I know that VMware View 5.0 3D acceleration is going to be there and is going to help out, but those people are going to be using the repurposed machines, taking their machine, putting a stripped down version of 7 and use it from there. So we're trying to achieve that, but it’s multiple facets. Gardner: When we think about your adoption pattern around virtualization, you took your time, learned through your development environment, walked in, made some progress and then really ramped up on adoption for your server side. You’ve followed a similar pattern now with desktops.
What’s next? Is there an additional synergy between a private cloud implementation, where you can get even better synergy efficiency? Tell me what you think about this fear and moving towards even higher plane of efficiency and productivity on that overall delivery from a central data center environment?
Going toward the cloud
Musicante: It’s really unclear where we're going to go. As far as cloud and where the cloud is taking the City of Pittsburgh and where the City of Pittsburgh is going with cloud, City of Pittsburgh currently is in the process of taking that last two percent of our system that isn’t virtualized, which is Exchange, and we are currently in the process of going towards the cloud. So it’s actually going to be going to Google Apps for government for mail.
As far as cloud within ourselves, the City of Pittsburgh is using its resources that we’ve regained or recouped from all of our consolidation purposes, especially with the government processes and mentality of doing more with less. There is a lot of fellow government agencies that we're now going to be partnering with to provide them infrastructure as a service.

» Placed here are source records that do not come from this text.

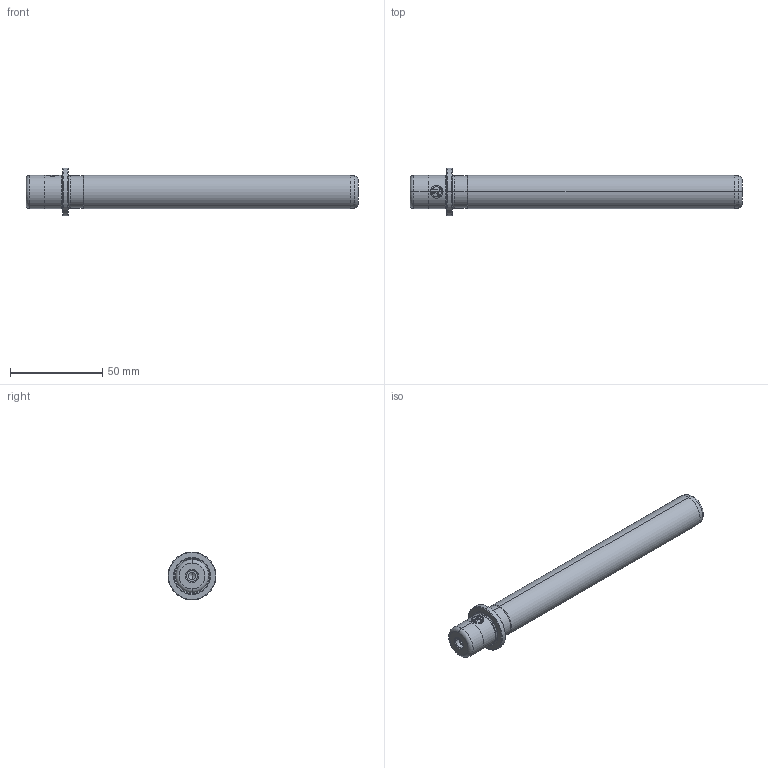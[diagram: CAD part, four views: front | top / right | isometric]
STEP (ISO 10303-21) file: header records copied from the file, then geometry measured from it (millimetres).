
FILE_DESCRIPTION (( 'STEP AP214' ), '1' );
FILE_NAME ('583QM-D18-L160.step', '2021-11-10T08:07:52', ( 'User' ), ( 'china' ), 'SwSTEP 2.0', 'SolidWorks 2016', '' );
FILE_SCHEMA (( 'AUTOMOTIVE_DESIGN' ));
Length unit declared in the file: millimetre
Products named in the file (1): 583QM-D18-L160
Bounding box: 180 x 26 x 26 mm (x, y, z)
Volume: 46019.1 mm3; surface area: 11491.3 mm2
Topology: 1 solids, 1 shells, 74 faces, 168 edges, 100 vertices
Faces by surface type: cylinder 31, cone 20, plane 15, torus 8
Entity records: 2348 total; most frequent: CARTESIAN_POINT 657, DIRECTION 356, ORIENTED_EDGE 328, EDGE_CURVE 164, AXIS2_PLACEMENT_3D 145, VERTEX_POINT 100, EDGE_LOOP 82, FACE_OUTER_BOUND 74
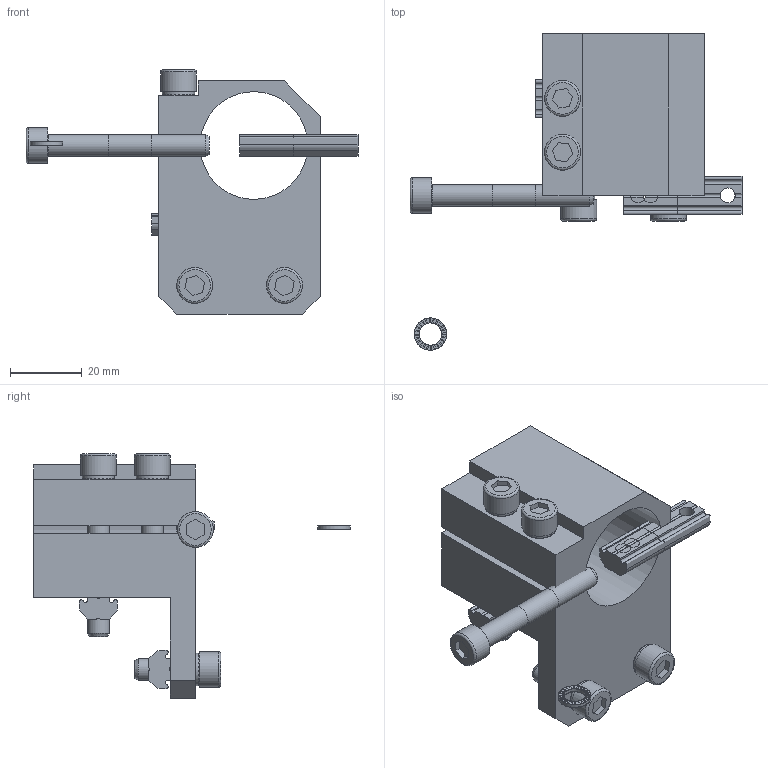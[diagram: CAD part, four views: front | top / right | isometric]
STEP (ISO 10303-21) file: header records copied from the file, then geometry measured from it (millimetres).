
FILE_DESCRIPTION( ( 'STEP AP214' ), '1' );
FILE_NAME( 'CA.KSW.30.JU.stp', '2014-07-10T08:45:04', ( ' ' ), ( ' ' ), 'XStep 1.0', ' ', ' ' );
FILE_SCHEMA( ( 'CONFIG_CONTROL_DESIGN) ( )' ) );
Length unit declared in the file: metre
Products named in the file (9): Assem1; CA.GWP.5U; CA.GWP.5.25; KSW.30.JU; R.6.SCH; V-tcei M  6 x 45; V-tcei M  6 x 30; V-tcei M  6 x 18
Bounding box: 92.5 x 88.14 x 68.1 mm (x, y, z)
Volume: 103163.6 mm3; surface area: 46984.5 mm2
Topology: 14 solids, 19 shells, 1238 faces, 3587 edges, 2376 vertices
Faces by surface type: plane 1124, cylinder 90, torus 16, cone 8
Full cylindrical faces by diameter (mm): 4.134 x6, 4.917 x2, 6 x8, 6.2 x15, 9 x5, 10 x8
Entity records: 10801 total; most frequent: CARTESIAN_POINT 1933, DIRECTION 1829, ORIENTED_EDGE 1766, EDGE_CURVE 883, AXIS2_PLACEMENT_3D 618, VERTEX_POINT 602, LINE 593, VECTOR 593
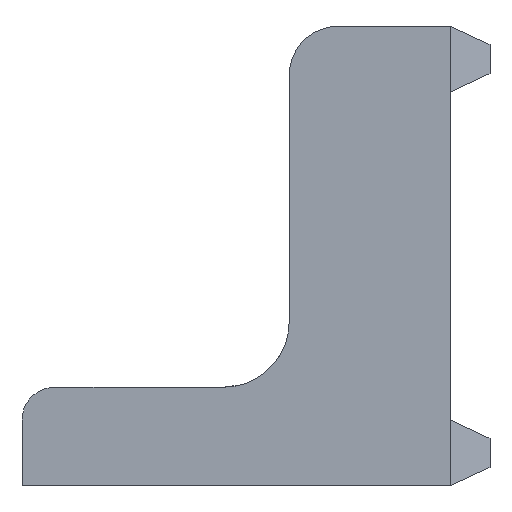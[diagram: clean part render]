
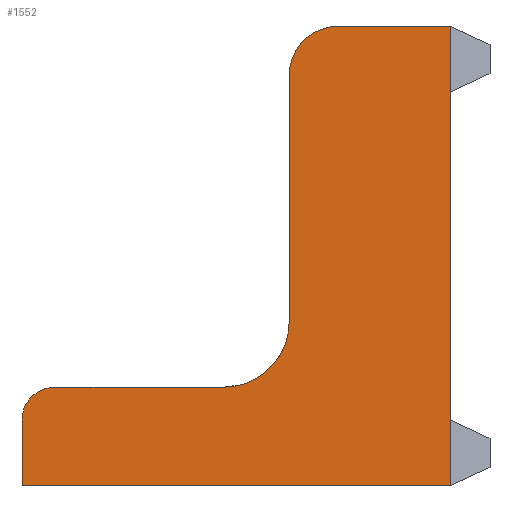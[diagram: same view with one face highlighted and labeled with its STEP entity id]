
A CAD part, front view. The second image highlights one B-rep face of the part: STEP entity #1552.
In plain terms, the highlighted planar face has unit normal (0, -1, 0).
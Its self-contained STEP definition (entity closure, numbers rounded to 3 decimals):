
#11 = CARTESIAN_POINT ( 'NONE',  ( -28.714, 2., 17.516 ) ) ;
#14 = ORIENTED_EDGE ( 'NONE', *, *, #258, .F. ) ;
#23 = ORIENTED_EDGE ( 'NONE', *, *, #356, .T. ) ;
#27 = CARTESIAN_POINT ( 'NONE',  ( -15.65, 2., 1.3 ) ) ;
#62 = ORIENTED_EDGE ( 'NONE', *, *, #502, .F. ) ;
#78 = VERTEX_POINT ( 'NONE', #1099 ) ;
#100 = EDGE_CURVE ( 'NONE', #737, #104, #1355, .T. ) ;
#104 = VERTEX_POINT ( 'NONE', #340 ) ;
#117 = VERTEX_POINT ( 'NONE', #679 ) ;
#133 = VERTEX_POINT ( 'NONE', #1220 ) ;
#146 = ORIENTED_EDGE ( 'NONE', *, *, #100, .F. ) ;
#151 = VECTOR ( 'NONE', #1046, 1000. ) ;
#189 = CARTESIAN_POINT ( 'NONE',  ( -15.65, 2., 15.3 ) ) ;
#212 = PLANE ( 'NONE',  #478 ) ;
#217 = EDGE_CURVE ( 'NONE', #455, #1582, #268, .T. ) ;
#231 = LINE ( 'NONE', #11, #151 ) ;
#247 = CARTESIAN_POINT ( 'NONE',  ( -22.568, 2., 4.3 ) ) ;
#254 = DIRECTION ( 'NONE',  ( 0., -1., 0. ) ) ;
#258 = EDGE_CURVE ( 'NONE', #104, #420, #514, .T. ) ;
#268 = LINE ( 'NONE', #1131, #1568 ) ;
#300 = ORIENTED_EDGE ( 'NONE', *, *, #1190, .F. ) ;
#326 = DIRECTION ( 'NONE',  ( 0., -1., 0. ) ) ;
#340 = CARTESIAN_POINT ( 'NONE',  ( -20.568, 2., 6.3 ) ) ;
#356 = EDGE_CURVE ( 'NONE', #117, #133, #231, .T. ) ;
#367 = DIRECTION ( 'NONE',  ( 0., 1., 0. ) ) ;
#401 = DIRECTION ( 'NONE',  ( 0., 0., -1. ) ) ;
#411 = FACE_OUTER_BOUND ( 'NONE', #1619, .T. ) ;
#420 = VERTEX_POINT ( 'NONE', #513 ) ;
#423 = CARTESIAN_POINT ( 'NONE',  ( -28.714, 2., 1.3 ) ) ;
#455 = VERTEX_POINT ( 'NONE', #189 ) ;
#475 = EDGE_CURVE ( 'NONE', #133, #1582, #503, .T. ) ;
#478 = AXIS2_PLACEMENT_3D ( 'NONE', #838, #326, #1341 ) ;
#502 = EDGE_CURVE ( 'NONE', #117, #78, #909, .T. ) ;
#503 = LINE ( 'NONE', #423, #1476 ) ;
#513 = CARTESIAN_POINT ( 'NONE',  ( -20.568, 2., 13.8 ) ) ;
#514 = LINE ( 'NONE', #1204, #782 ) ;
#517 = EDGE_CURVE ( 'NONE', #78, #737, #863, .T. ) ;
#593 = CARTESIAN_POINT ( 'NONE',  ( -19.068, 2., 15.3 ) ) ;
#606 = ORIENTED_EDGE ( 'NONE', *, *, #517, .F. ) ;
#611 = ORIENTED_EDGE ( 'NONE', *, *, #217, .F. ) ;
#652 = AXIS2_PLACEMENT_3D ( 'NONE', #779, #254, #401 ) ;
#671 = VERTEX_POINT ( 'NONE', #593 ) ;
#679 = CARTESIAN_POINT ( 'NONE',  ( -28.714, 2., 3.3 ) ) ;
#714 = DIRECTION ( 'NONE',  ( 0., 1., 0. ) ) ;
#737 = VERTEX_POINT ( 'NONE', #247 ) ;
#739 = ORIENTED_EDGE ( 'NONE', *, *, #475, .T. ) ;
#779 = CARTESIAN_POINT ( 'NONE',  ( -22.568, 2., 6.3 ) ) ;
#782 = VECTOR ( 'NONE', #1218, 1000. ) ;
#838 = CARTESIAN_POINT ( 'NONE',  ( -28.714, 2., 17.516 ) ) ;
#844 = DIRECTION ( 'NONE',  ( 0., 0., -1. ) ) ;
#851 = VECTOR ( 'NONE', #960, 1000. ) ;
#863 = LINE ( 'NONE', #1584, #851 ) ;
#875 = CARTESIAN_POINT ( 'NONE',  ( -19.068, 2., 13.8 ) ) ;
#909 = CIRCLE ( 'NONE', #1109, 1. ) ;
#960 = DIRECTION ( 'NONE',  ( 1., 0., 0. ) ) ;
#1046 = DIRECTION ( 'NONE',  ( 0., 0., -1. ) ) ;
#1096 = CARTESIAN_POINT ( 'NONE',  ( -27.714, 2., 3.3 ) ) ;
#1099 = CARTESIAN_POINT ( 'NONE',  ( -27.714, 2., 4.3 ) ) ;
#1109 = AXIS2_PLACEMENT_3D ( 'NONE', #1096, #714, #844 ) ;
#1131 = CARTESIAN_POINT ( 'NONE',  ( -15.65, 2., 17.516 ) ) ;
#1152 = DIRECTION ( 'NONE',  ( 1., 0., 0. ) ) ;
#1160 = ORIENTED_EDGE ( 'NONE', *, *, #1447, .F. ) ;
#1179 = LINE ( 'NONE', #1519, #1226 ) ;
#1190 = EDGE_CURVE ( 'NONE', #671, #455, #1179, .T. ) ;
#1204 = CARTESIAN_POINT ( 'NONE',  ( -20.568, 2., 6.3 ) ) ;
#1218 = DIRECTION ( 'NONE',  ( 0., 0., 1. ) ) ;
#1220 = CARTESIAN_POINT ( 'NONE',  ( -28.714, 2., 1.3 ) ) ;
#1226 = VECTOR ( 'NONE', #1152, 1000. ) ;
#1242 = DIRECTION ( 'NONE',  ( 0., 0., -1. ) ) ;
#1341 = DIRECTION ( 'NONE',  ( 0., 0., -1. ) ) ;
#1355 = CIRCLE ( 'NONE', #652, 2. ) ;
#1405 = AXIS2_PLACEMENT_3D ( 'NONE', #875, #367, #1516 ) ;
#1447 = EDGE_CURVE ( 'NONE', #420, #671, #1486, .T. ) ;
#1476 = VECTOR ( 'NONE', #1565, 1000. ) ;
#1486 = CIRCLE ( 'NONE', #1405, 1.5 ) ;
#1516 = DIRECTION ( 'NONE',  ( 0., 0., -1. ) ) ;
#1519 = CARTESIAN_POINT ( 'NONE',  ( -19.068, 2., 15.3 ) ) ;
#1552 = ADVANCED_FACE ( 'NONE', ( #411 ), #212, .T. ) ;
#1565 = DIRECTION ( 'NONE',  ( 1., 0., 0. ) ) ;
#1568 = VECTOR ( 'NONE', #1242, 1000. ) ;
#1582 = VERTEX_POINT ( 'NONE', #27 ) ;
#1584 = CARTESIAN_POINT ( 'NONE',  ( -28.714, 2., 4.3 ) ) ;
#1619 = EDGE_LOOP ( 'NONE', ( #23, #739, #611, #300, #1160, #14, #146, #606, #62 ) ) ;

That’s where some of the other product lines come in like vCloud Director, to be able to allow them to still manage their infrastructure to use our resources, and we can now ourselves be a cloud provider, which I have been marketing as Cloud9 because there are nine entities including the City of Pittsburgh -- nine entities that we are going to consolidate.
Gardner: I'm impressed with the fact that you’ve been able to move through this progression, recoup those savings, and then apply it to the innovation that get you yet more productivity and savings that you can further apply. That’s commendable. Any words of advice for folks that are perhaps not as far along as you’ve been on this progression? What 20/20 hindsight and words of wisdom might you supply them?
Musicante: With server virtualization, everyone is involved in it, and that is the easy part. Desktop virtualization, is where we got hit hard and the lessons that will be learned is that end-user’s matter. Every step of the way, you need their input. It’s not just an administrative decision saying this is the right thing. You need to be good at psychology to convince your users that this is what they want, and getting them to the point of seeing that this is the best approach or getting their input.
That really makes all the difference in the world. You’ll have the same end result and you’ll get to the same target, to the same place, but you need their input. It was not the same with server virtualization. That was for the administrators. They owned it. It was their territory. These desktops that you're taking from the users, yes, they’ll have a better reliability, better up-time, better everything, and better end-user experience, but they feel that that’s theirs, and rightly so.
The only thing that I could say is to involve your users. Get them in the proof of concept from the beginning. Get their input, what they need, what they want, how they want to access it, and with that it’ll no doubt be a sure success.